28
Nov
Disruption to my routine
What’s more interesting than working, sleeping, eating, and then (work) again?
The answer: Reservist training!
Firstly, you get to force yourself to go running in the middle of the night, because you have been working from dawn to dusk, and have only enough time to work and re-fuel like a emotional machine. Yeah, I’m writing this at approximately 1.30am Singapore Time, and the work never seems to stop rolling in. It’s like a cement truck taking a dump that wouldn’t end.
It’s not that I’m drowning in assignments (though the in-camp training would probably push me into a state of utter desperation [yet again] after squandering 75% of my school holidays).
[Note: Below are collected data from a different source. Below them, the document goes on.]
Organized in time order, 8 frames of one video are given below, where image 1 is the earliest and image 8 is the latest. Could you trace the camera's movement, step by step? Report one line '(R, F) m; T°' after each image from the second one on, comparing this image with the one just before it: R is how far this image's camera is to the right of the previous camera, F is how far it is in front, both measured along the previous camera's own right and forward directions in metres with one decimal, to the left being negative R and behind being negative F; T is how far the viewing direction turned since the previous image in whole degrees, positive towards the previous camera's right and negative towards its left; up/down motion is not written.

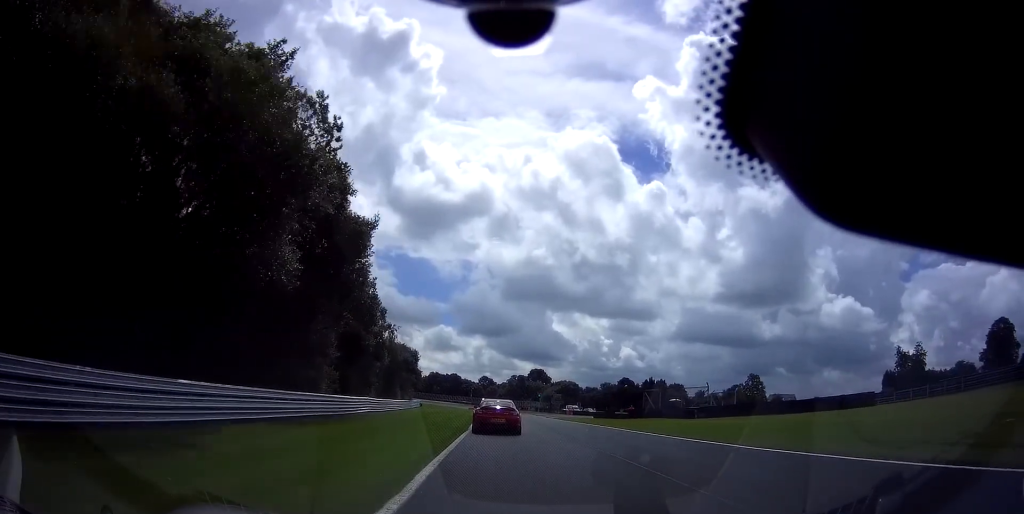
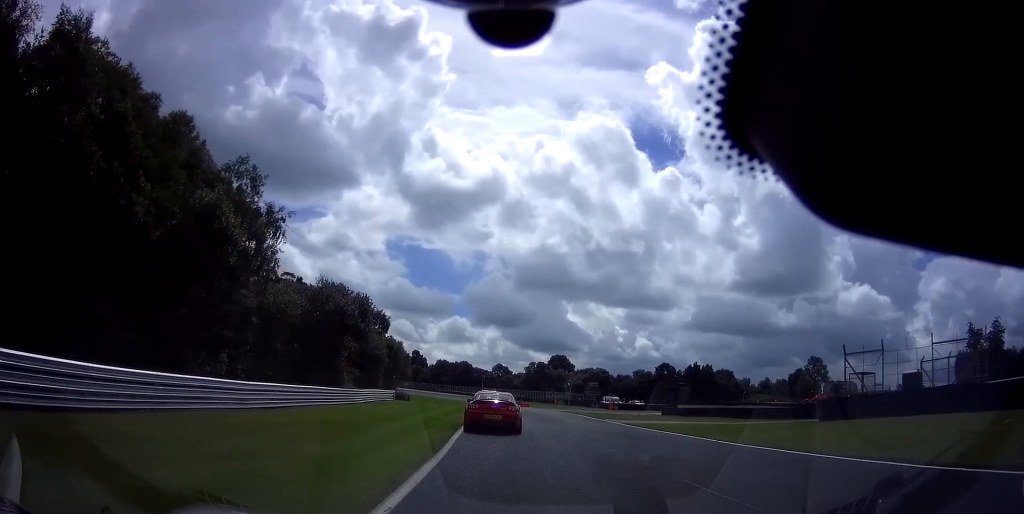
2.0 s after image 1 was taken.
(-0.5, +35.7) m; -2°
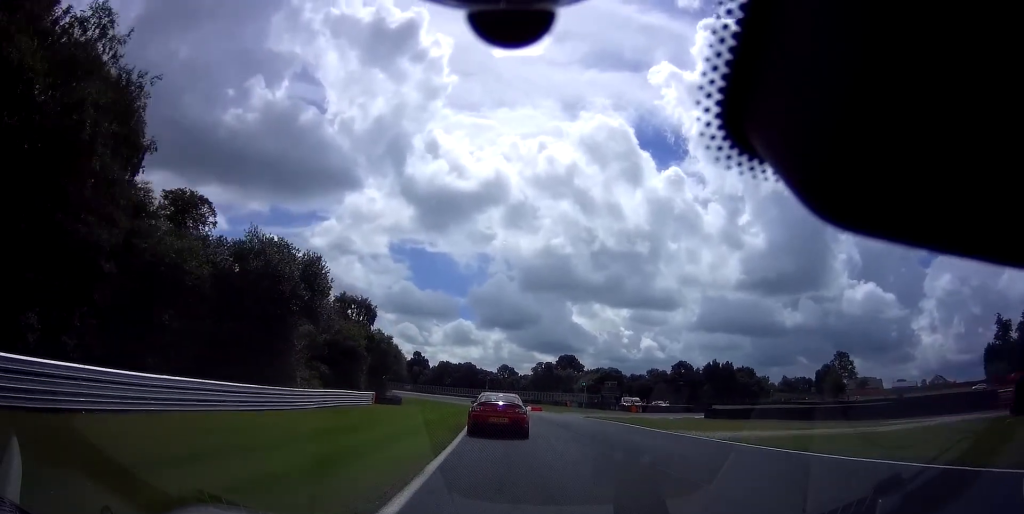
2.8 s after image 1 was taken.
(-0.1, +12.8) m; 0°
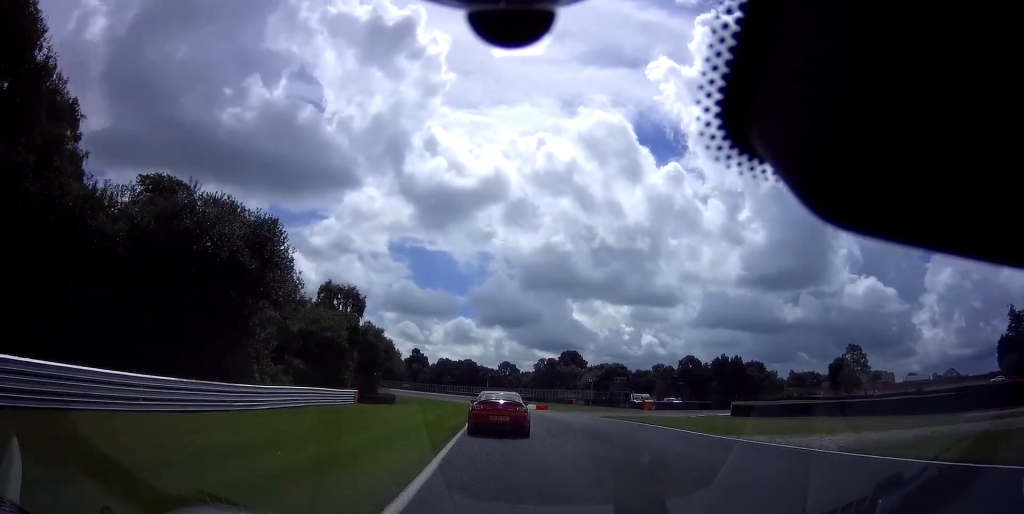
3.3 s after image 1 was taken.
(0.0, +6.7) m; 0°
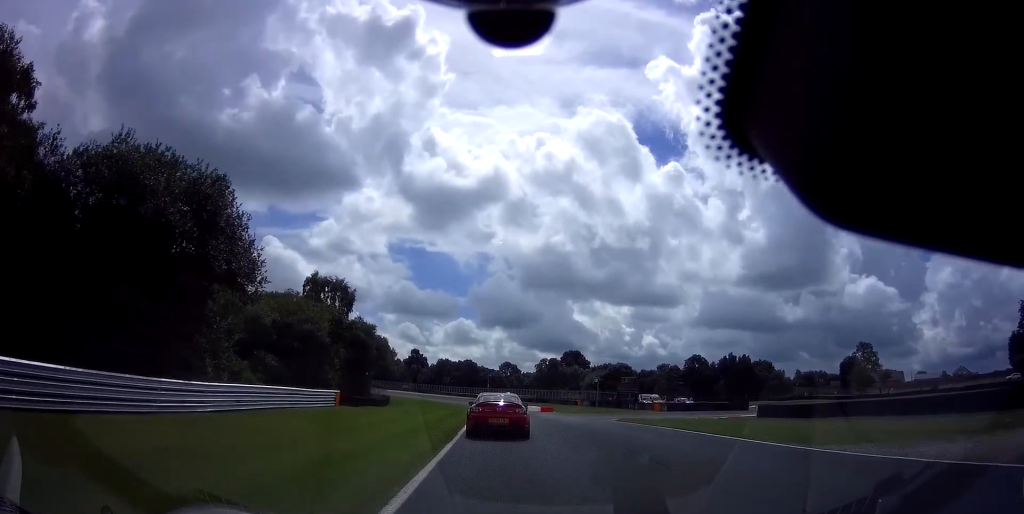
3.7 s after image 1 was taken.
(+0.1, +5.3) m; 0°
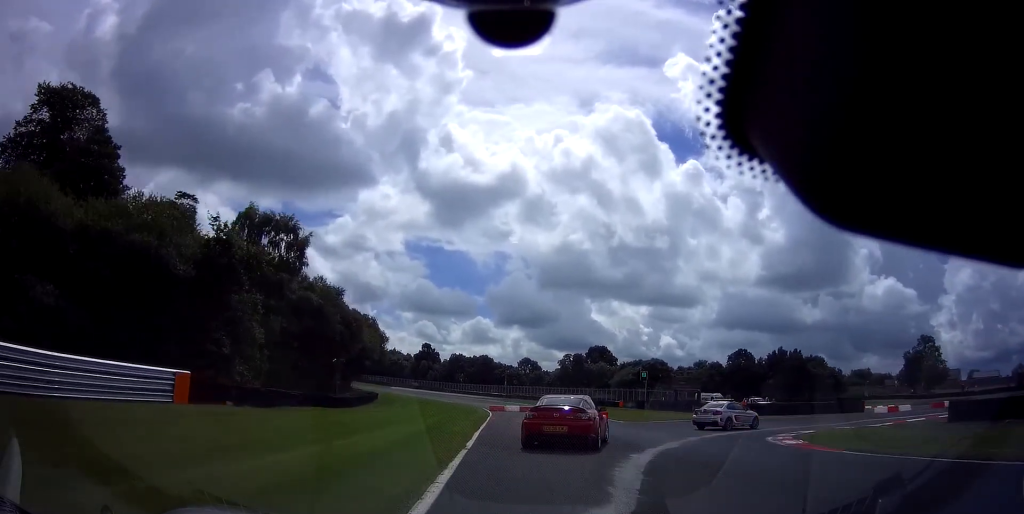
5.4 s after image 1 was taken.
(-0.2, +20.9) m; +1°
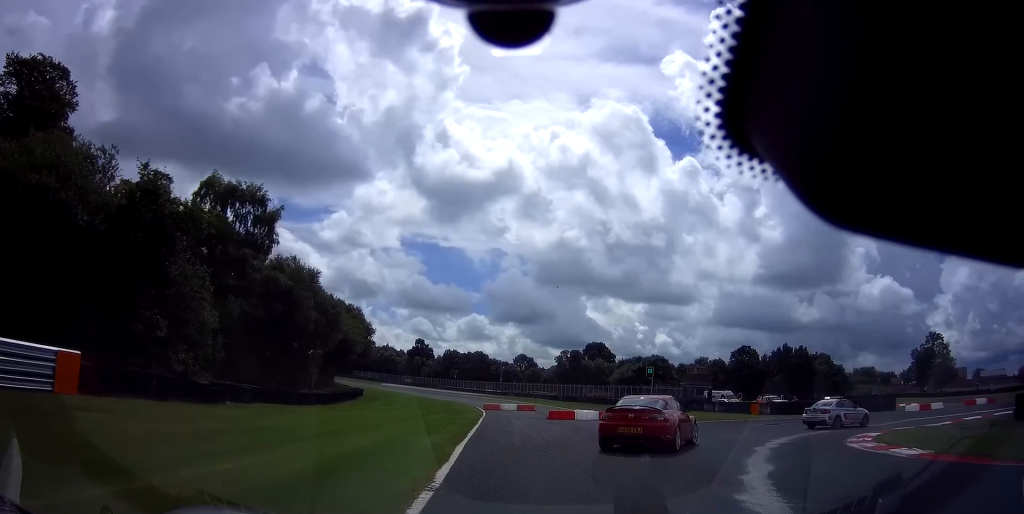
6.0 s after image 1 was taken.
(-0.1, +5.5) m; +3°
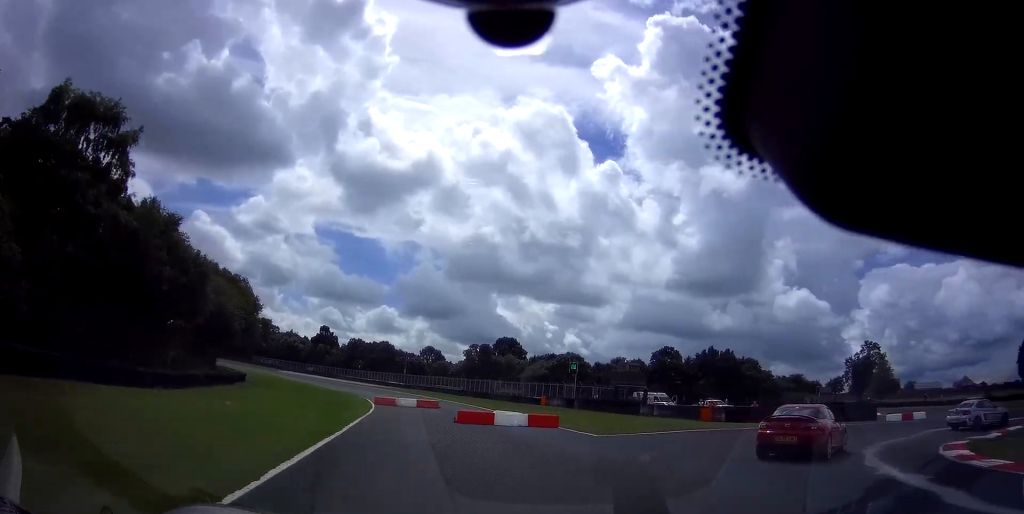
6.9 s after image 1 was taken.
(+0.7, +8.8) m; +16°

Rather, it’s club matters that have been occupying my HMA (High Memory Area). I’ve been thinking about how to rejuvenate a one-year old school club that hasn’t been actively recruiting members to its ranks.
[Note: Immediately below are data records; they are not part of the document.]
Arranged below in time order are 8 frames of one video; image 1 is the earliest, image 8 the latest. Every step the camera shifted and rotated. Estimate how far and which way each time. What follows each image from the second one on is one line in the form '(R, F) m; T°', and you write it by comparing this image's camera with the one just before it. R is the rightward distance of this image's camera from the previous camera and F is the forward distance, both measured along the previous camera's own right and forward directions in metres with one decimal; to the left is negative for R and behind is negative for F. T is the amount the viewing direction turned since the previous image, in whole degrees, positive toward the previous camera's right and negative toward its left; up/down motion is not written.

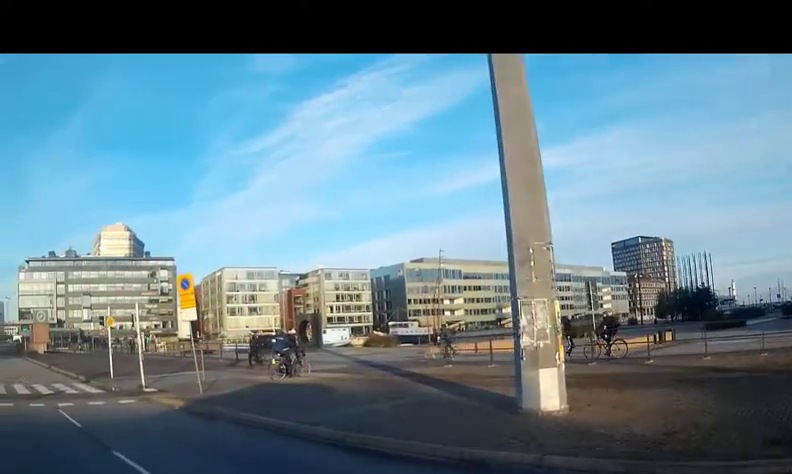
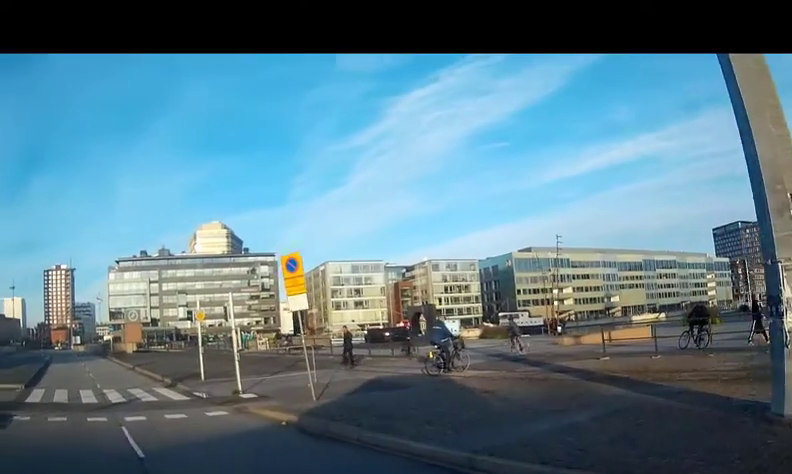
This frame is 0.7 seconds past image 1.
(-0.1, +3.2) m; -17°
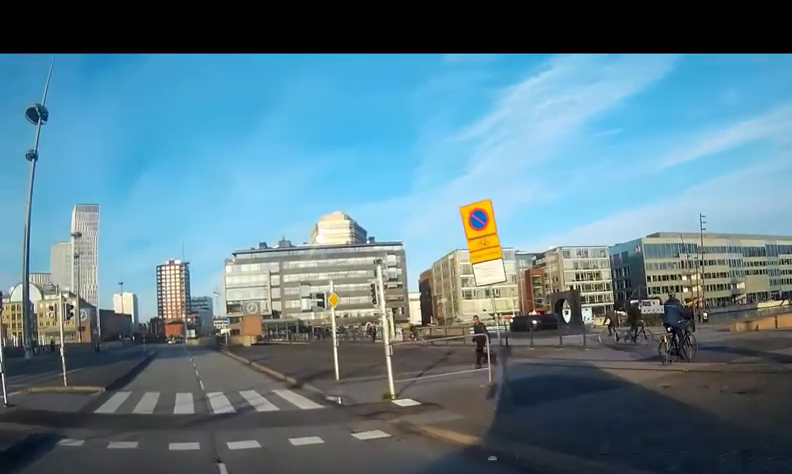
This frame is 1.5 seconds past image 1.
(-1.1, +3.6) m; -15°
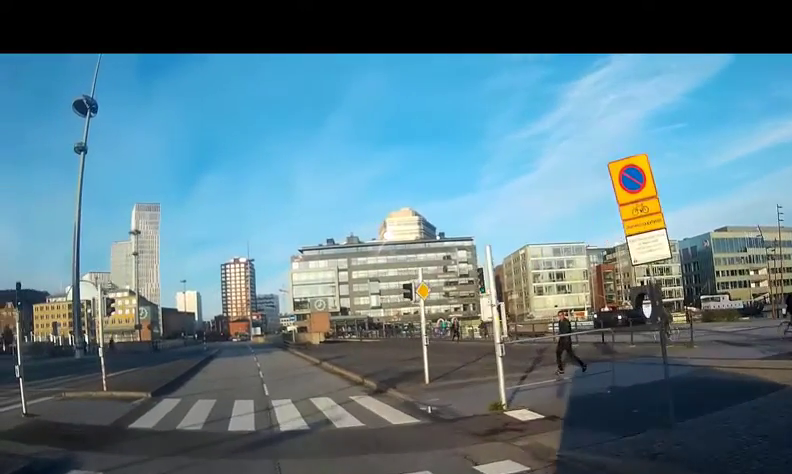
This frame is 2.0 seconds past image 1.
(-0.1, +2.4) m; -6°
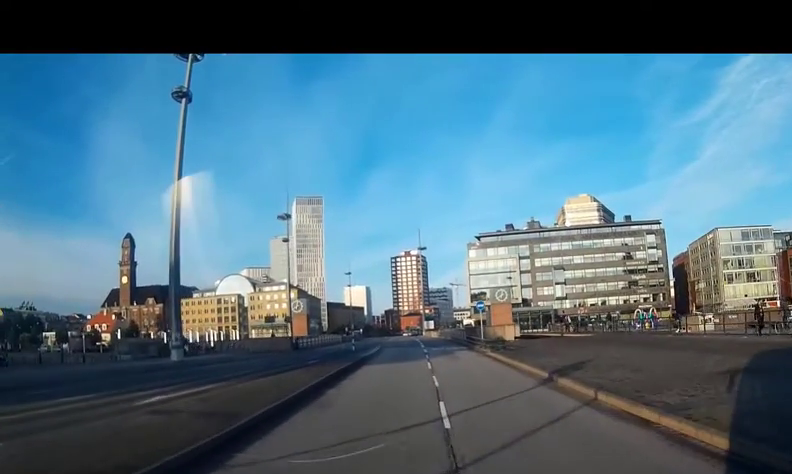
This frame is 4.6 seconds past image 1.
(-1.9, +12.7) m; -8°
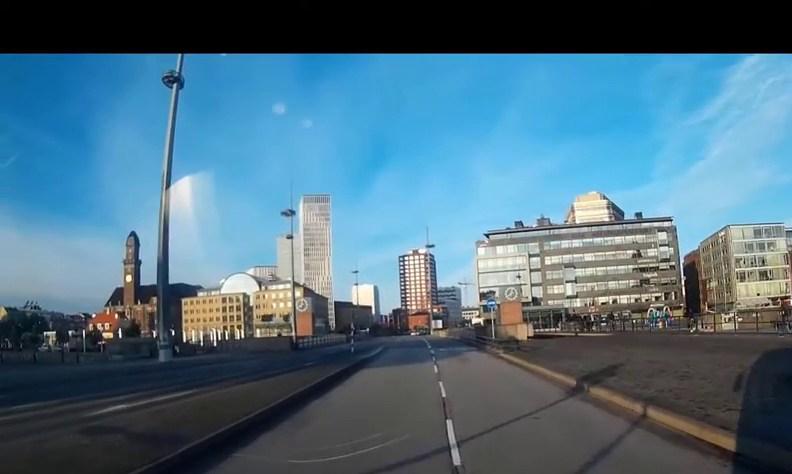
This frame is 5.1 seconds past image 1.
(0.0, +2.4) m; +1°
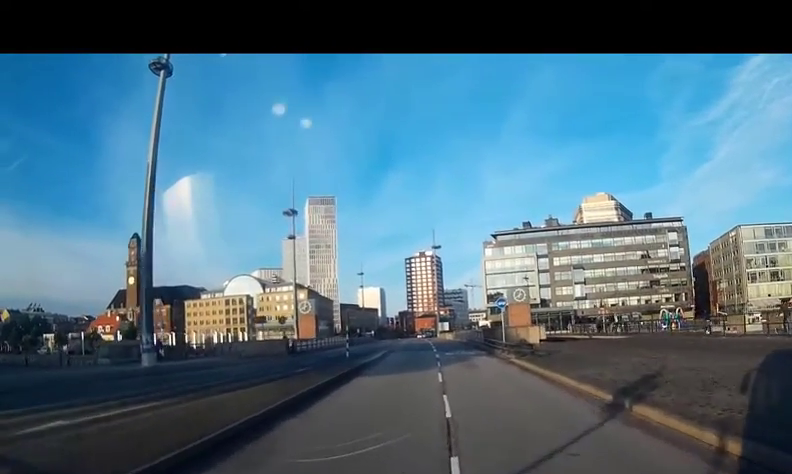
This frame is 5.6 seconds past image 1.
(0.0, +2.5) m; +1°
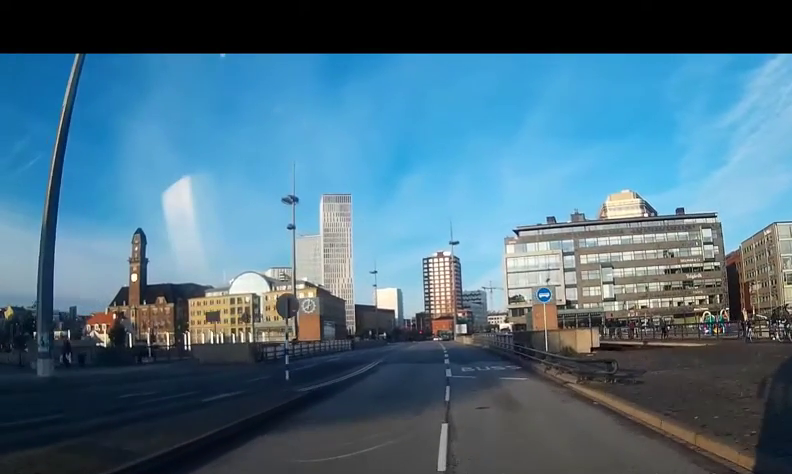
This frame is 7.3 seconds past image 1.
(-0.4, +9.8) m; -2°

The lack of fresh blood means that when the current club management retires from active service, there’ll be barely any new people to take over the controls. That’s like running a ship aground right at the end of your watch; I’d really hate to pass on a shipwreck to the next generation, because it’s way too irresponsible a course of action.
In certain ways, I kind of wish that somebody would tell me what to do in order to set things right; because that’s what I’ve been doing these recent years. Teachers would tell me to complete an assignment, and I’ll complete it. In the army, I was told that I have to protect my country, and so I did.
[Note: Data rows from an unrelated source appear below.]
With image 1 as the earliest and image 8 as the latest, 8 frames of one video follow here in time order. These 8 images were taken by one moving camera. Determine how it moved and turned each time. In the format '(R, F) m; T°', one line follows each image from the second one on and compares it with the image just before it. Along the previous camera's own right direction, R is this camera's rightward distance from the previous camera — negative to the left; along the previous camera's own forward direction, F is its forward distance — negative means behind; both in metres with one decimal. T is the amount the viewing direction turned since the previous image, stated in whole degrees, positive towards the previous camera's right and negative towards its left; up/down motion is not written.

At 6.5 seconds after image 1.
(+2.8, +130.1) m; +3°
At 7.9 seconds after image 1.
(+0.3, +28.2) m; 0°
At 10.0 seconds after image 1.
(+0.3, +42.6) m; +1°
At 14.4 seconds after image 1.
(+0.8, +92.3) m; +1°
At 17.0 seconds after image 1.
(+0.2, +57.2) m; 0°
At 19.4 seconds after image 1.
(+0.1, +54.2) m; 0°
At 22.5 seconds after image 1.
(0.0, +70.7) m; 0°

Then came this opportunity for me to break out of being a perpetual reactionary puppet. This, coming after a long while of not having to think about what to do next, is refreshing yet a frightening thought at the same time. There are no paths set out for leaders — the trailblazers burn a path through the dense vegetation for the rest to follow. I’ve been following a path until now, and that path has ended here.
How now shall I burn a new path through the forest?